Philly’s young athletes need fields.
Time and again, playable fields top the list of resources that Fairmount Park Conservancy’s Youth Sports Ambassadors say they need to continue the volunteer work that fills their limited spare time between work, family, and other obligations.
The earliest planning days of the FDR Park Plan included extensive community engagement. Those involved made it clear: in order for the Conservancy to live up to its mission of creating and maintaining an equitable park system for everyone, FDR would need to do a better job at serving Philly’s youth sports teams.

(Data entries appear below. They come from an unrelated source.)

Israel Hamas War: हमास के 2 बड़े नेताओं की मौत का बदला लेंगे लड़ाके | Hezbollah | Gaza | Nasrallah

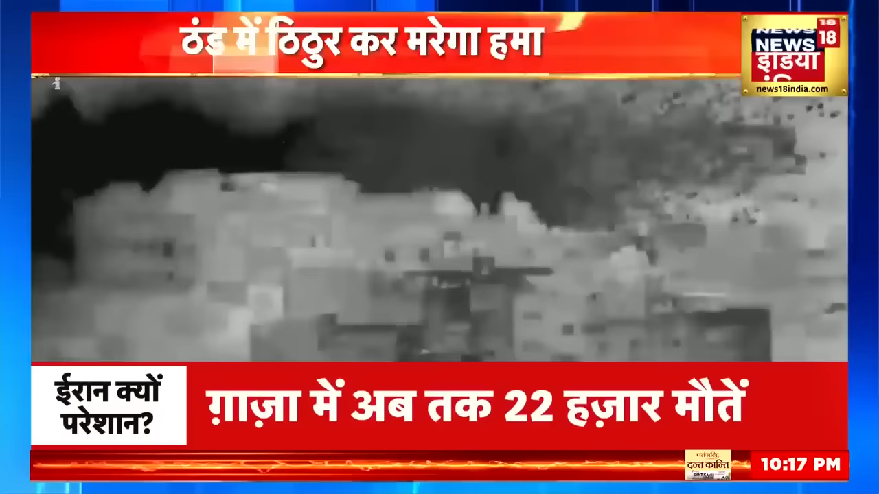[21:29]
इसरेल की कॉर्पेट बॉमिंग ने देखते ही देखते उत्तरी घाज़ा में इमारतों को जमीन
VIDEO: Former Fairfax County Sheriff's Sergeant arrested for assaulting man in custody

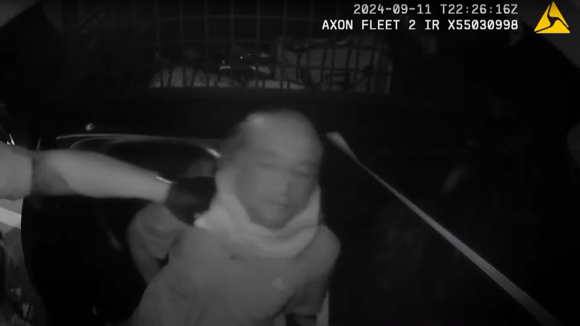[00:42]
The whole thing captured on camera in the police car. So let's rewind it to how it all started.
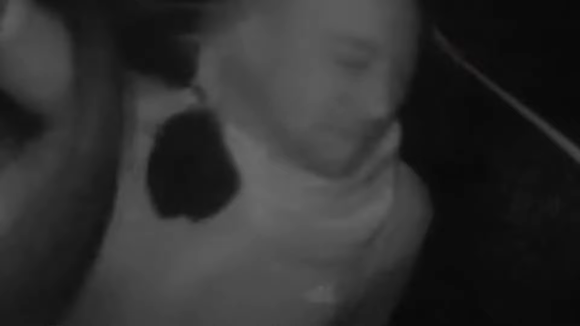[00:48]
According to the video, Fairfax County police arrested this man around 9 30 that night.
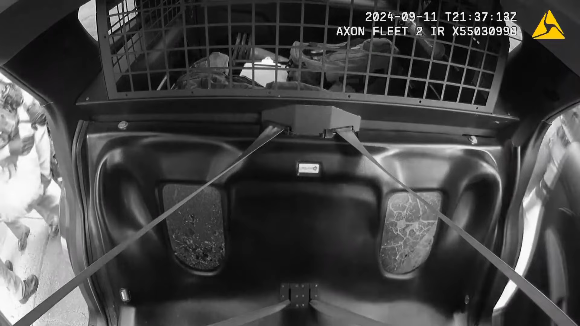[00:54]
You can hear and see him struggling with police officers. They handcuff him and restrain his legs while he kicks and curses. And then officers place some sort of mask on his face. Yeah, I got a mask on my face, boy.
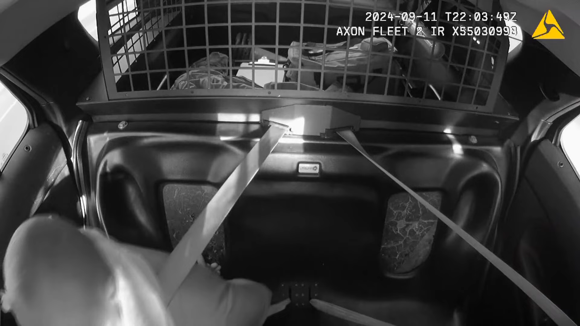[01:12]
For the next hour, the man yells at officers until around 10 30 when the vehicle gets to the jail.
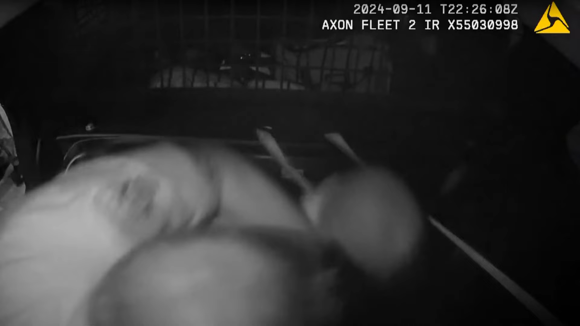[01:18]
Several officers try to get him out of the car and then you see this man identified as Sergeant Joshua Silver, hold the man down, then strike him several times in the head, after which the man goes limp.
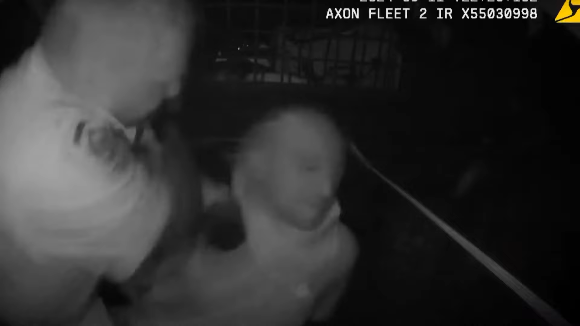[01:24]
Sergeant Silver was placed on leave, then fired, then charged with assault and battery.
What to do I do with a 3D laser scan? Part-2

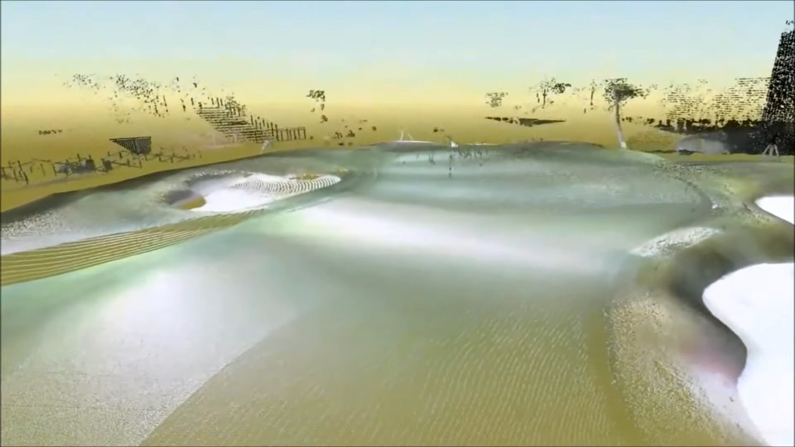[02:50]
Our point cloud records the elevation and position of the green for us.
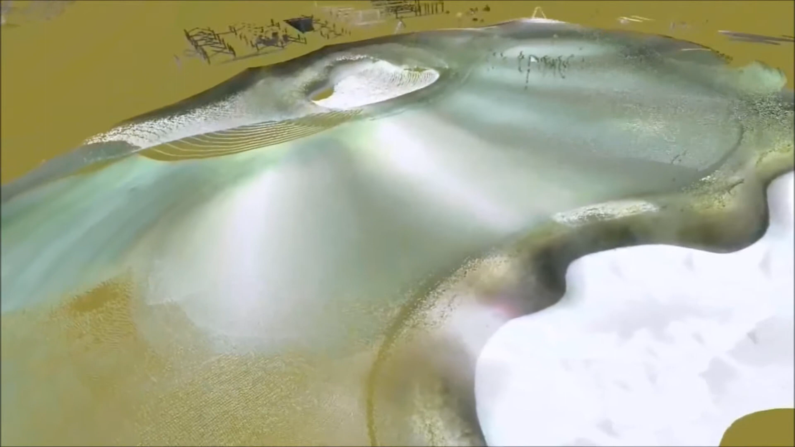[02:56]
However, most of us are accustomed to reading greens via elevation coloring or contour lines.
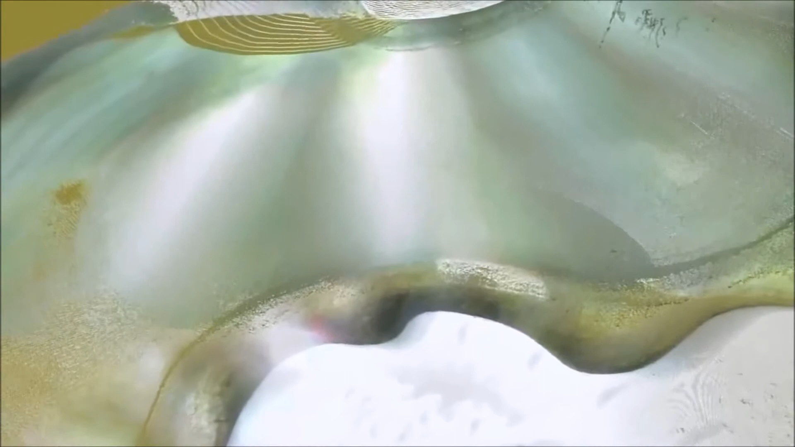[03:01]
The most accurate way to convert the point cloud into
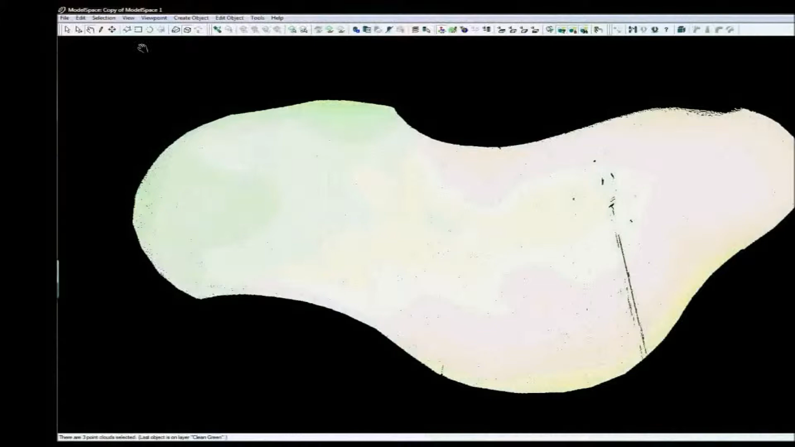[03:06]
one of these is to create a surface model from the point cloud. After cleaning the point cloud of non-surface data, the surface cloud is then converted into a tin mesh.
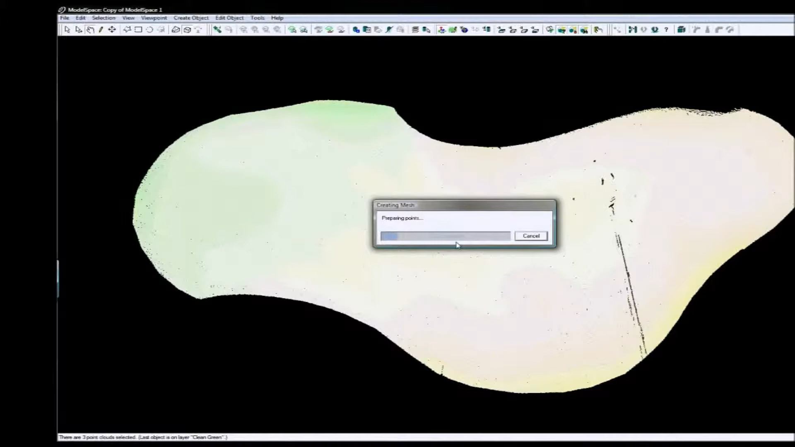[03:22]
In this case we use the Leica Cyclone Software Suite to create the mesh.
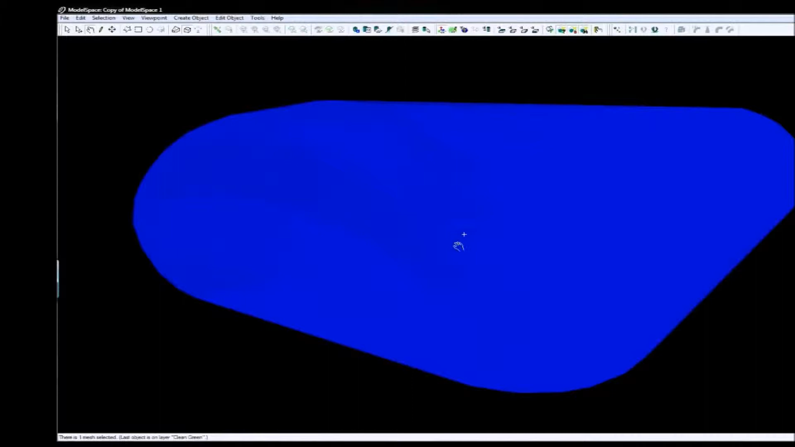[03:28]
However, there are many software applications that can accomplish this task.
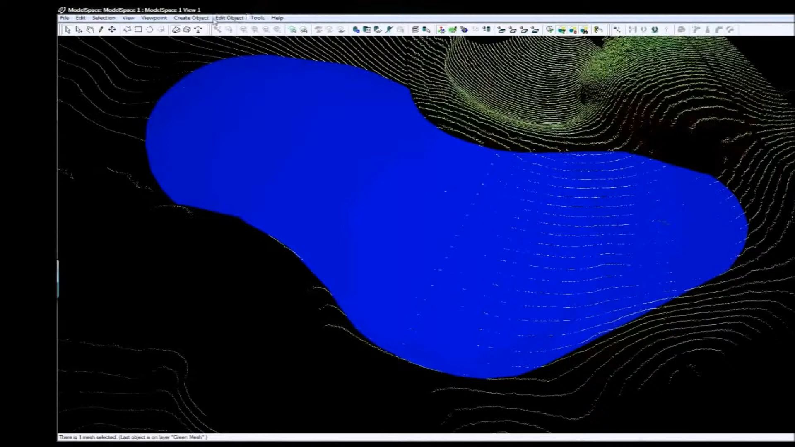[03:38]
Once the point cloud has been converted into a mesh,
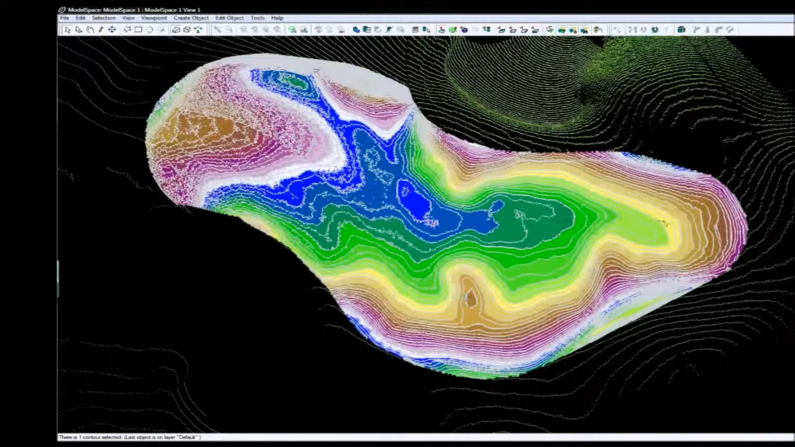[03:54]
It is important to remember that any 2D deliverable from a point cloud is a reduction or projection, as the point cloud is natively 3D.
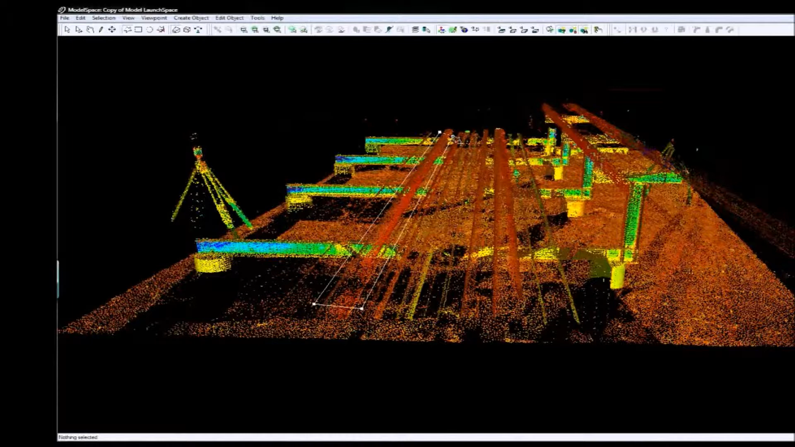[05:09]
Essentially, the process requires an operator to select a section of a point cloud and tell the modeling software what that selection is. For example, here we have a pipe run.
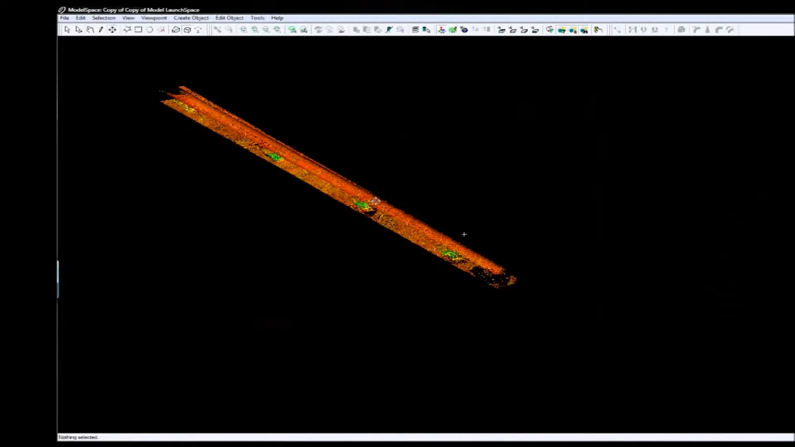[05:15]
First we select a single pipe and isolate it.
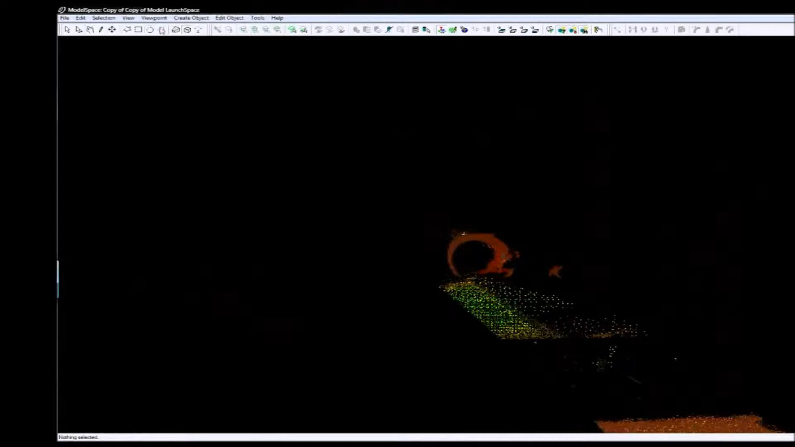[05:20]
Next, we use the create model command and identify the highlighted section as a cylinder.
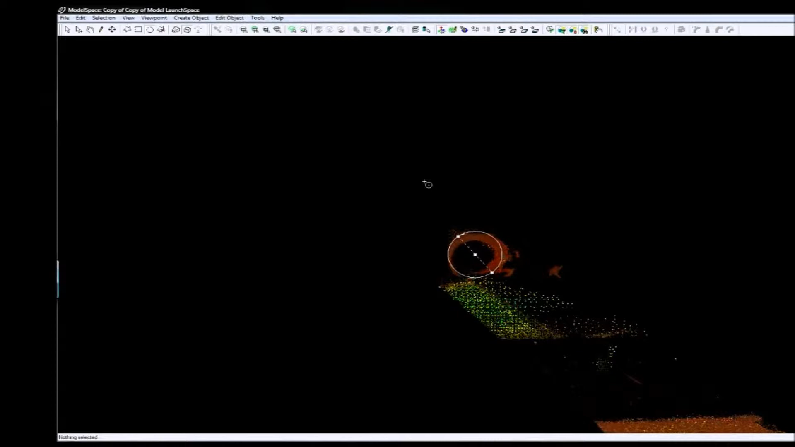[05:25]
At this point, the modeling algorithm creates a cylinder that best fits the point cloud data.
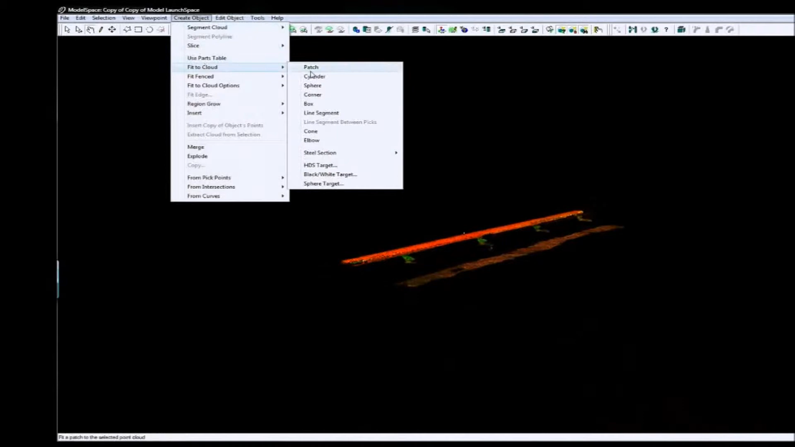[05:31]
By using such a program,
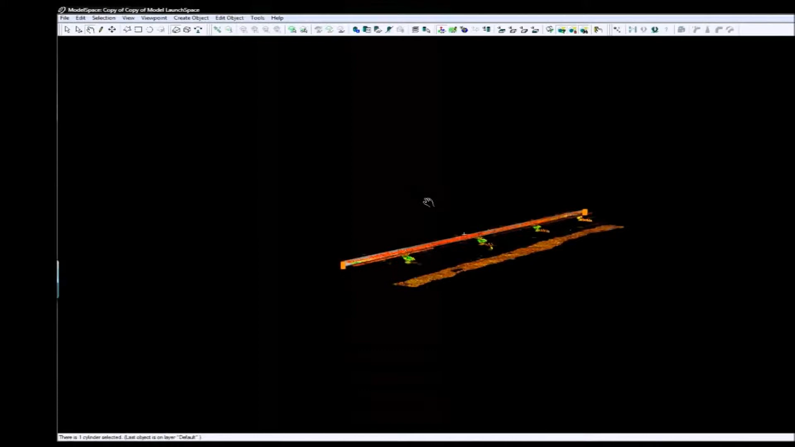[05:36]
the operator can review the model's fit by overlaying it on the point cloud or by viewing the fit to cloud properties of the modeled object.
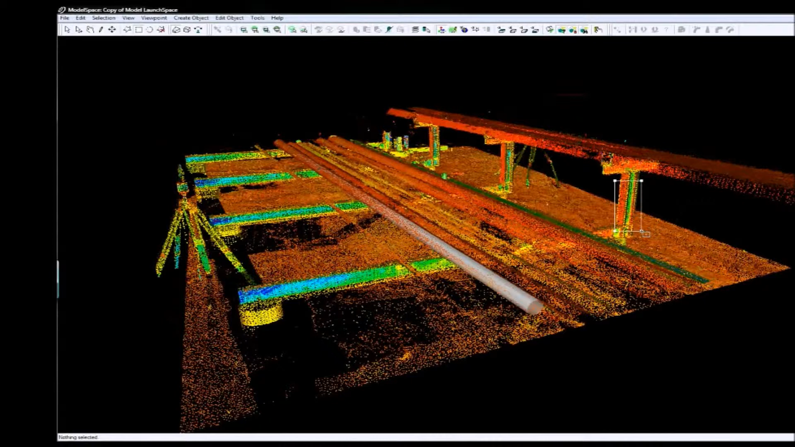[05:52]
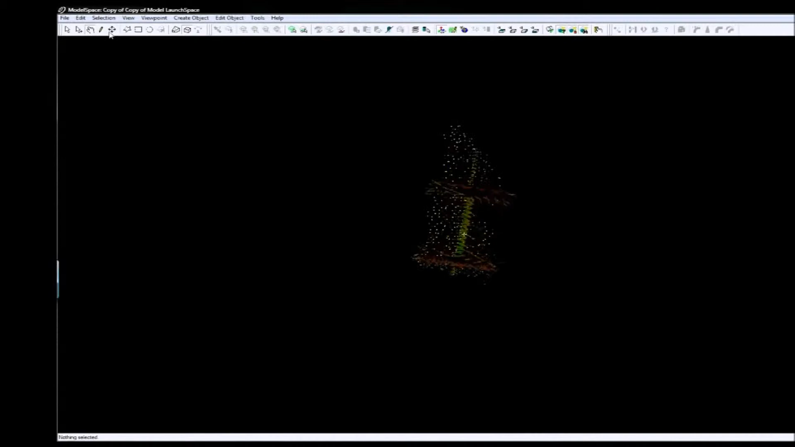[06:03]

There is only one regulation-size turf field in the Philadelphia Parks & Recreation system for the 21,000 kids between the ages of 5 and 18 living below South Street. Coaches look for any and all space for their athletes to play and practice. They often need to make last-minute schedule changes and frequently play on surfaces that don’t support kids’ needs.
Bobbie King, a South Philly Sigma Sharks coach whose grandson plays u12 football, told the Conservancy during a summer 2023 virtual roundtable that a lot of the fields she encounters don’t have lines, making it hard for first-time players to understand basic concepts like yardage.
“Lack of suitable space, especially soccer fields, is one of the greatest limitations to our ability to grow as a program,” said Amos Huron of the Anderson Monarchs. “The demand for free, high-quality youth soccer programs such as the ones we offer is very high. However, we are limited in the number of developmental programs as well as travel teams that we can sponsor, due to our inability to secure safe, maintained, regulation soccer fields within the South Philadelphia area that most of our families come from.”
Without access to reliable, quality fields, the Youth Sports Ambassadors — a representative group of coaches from all over Philadelphia — can’t guarantee kids a consistent and safe place to play.
FDR Park’s 348 acres currently have just two non-regulation soccer fields that are so prone to flooding that even mild rainfall leaves the playing surfaces soaked and unusable for days at a time.
It’s a problem that affects fields citywide.
“Often, rain, or the aftermath of rain, results in us having to move our practices from the baseball field at Marian Anderson to the gym or another indoor space,” added Huron. “This can have a serious domino effect, displacing other programs or forcing us to cancel completely.”
Enter the FDR Park Plan. With 12 new multi-purpose fields that will be elevated out of the floodplain and made from performance turf, they’ll be optimized to accommodate several games in a row and designed to mitigate the effects of flooding and climate change. More importantly, these fields are made with all-natural materials — not Astro Turf — that pose no known health risk.
These 12 fields — along with eight basketball courts, 10 tennis courts, and six baseball and softball fields — are the result of an extensive, ongoing engagement process to ensure the transformed FDR Park has space for everyone. These fields account for just 12% of the park’s land while creating opportunities for thousands of kids.
“It’s an equity issue,” said Maura McCarthy, Fairmount Park Conservancy’s Executive Director. “Equity is a safe and sustainable place for all kids to play, and ensuring their recreation options aren’t limited by a lack of usable fields. Equity is providing community resources to be used and shared among everyone with a stake in this green oasis.”